Subtle isn’t a word that we often associate with Teddy Roosevelt, but it’s one that applies to his leadership style perfectly. Roosevelt didn’t just show people the way, he facilitated their success through scaffolding their progress. Hands on and ready to work hard, he made sure that things were done well and efficiently in government (or as efficiently as possible). His great vision for America was one that was grounded in practicality, something you can see in everything from the Panama Canal to the National Parks system.
“The leader must understand that he leads us, that he guides us, by convincing us so that we will follow him or follow his direction. He must not get it into his head that it is his business to drive us or rule us. His business is to manage the government for us.”– Theodore Roosevelt
Woodrow Wilson – Idealism
We round out our list with Woodrow Wilson. As with all presidents, and all people, there are certainly things that we could critique about Wilson, like his pushback against women’s suffrage, but overall the man who led us through the turbulent times of World War I was one of the great leaders of the 20th century.
“The ear of the leader must ring with the voices of the people” – Woodrow Wilson
Wilson believed that businesses needed to be checked, and he worked against corporate corruption in big business. Many of the safeguards, including anti-trust legislation still apply to us today. The reason for our entrance into WWI in 1914 had a great deal to do with the German submarines that kept attacking neutral targets, but it also was about Wilson’s belief that America could do better in stopping the war.
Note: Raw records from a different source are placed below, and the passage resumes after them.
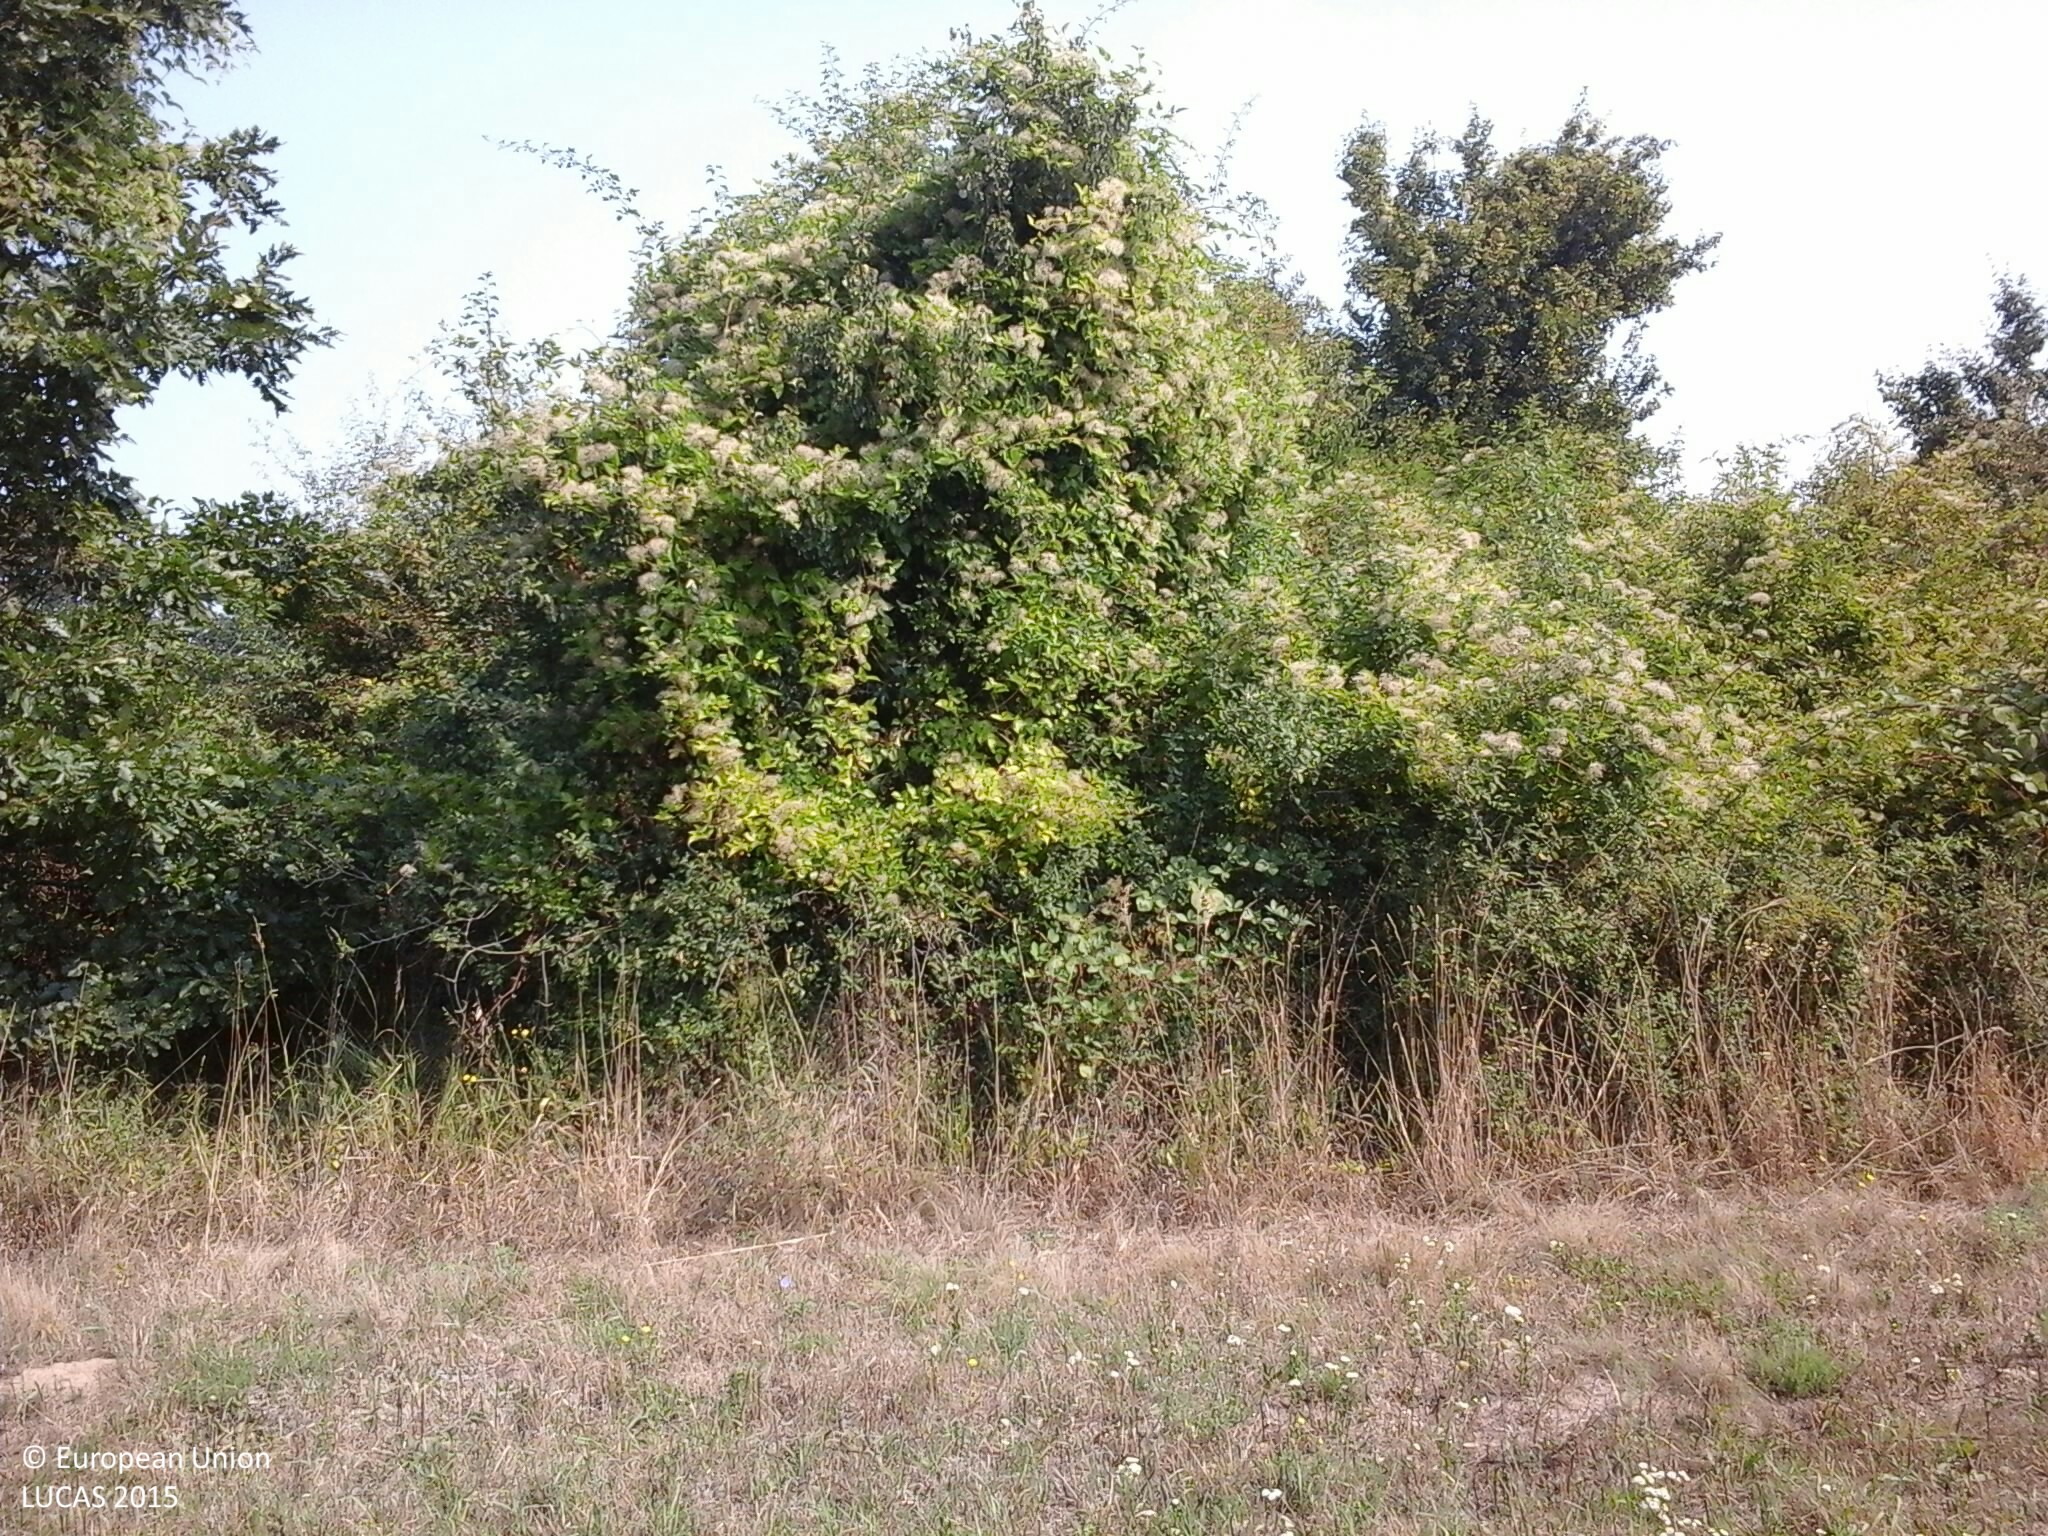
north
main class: Grassland
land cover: Grassland without tree/shrub cover
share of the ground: > 75 %
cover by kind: herbaceous plants 100 %
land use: Agriculture (excluding fallow land and kitchen gardens)
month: August
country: HU
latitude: 47.8739
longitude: 19.2057

He couldn’t understand cruelty, and worked diligently to end the suffering of others, all the way through the negotiations of the Treaty of Versailles.
Another lesson to be learned from Wilson is when to take a break. Wilson worked so hard that he drove himself to a stroke while in office, and he was unable to run for a third term in 1920 because of it, though he was able to finish out his term.
Still, that spark of idealism is something that every leader should have. Leaders are here to serve the people who count on them, not to forward our personal agenda.
Which of these presidential leadership qualities can you take into your business? What can you learn from these storied individuals to improve your ability to make your organization better?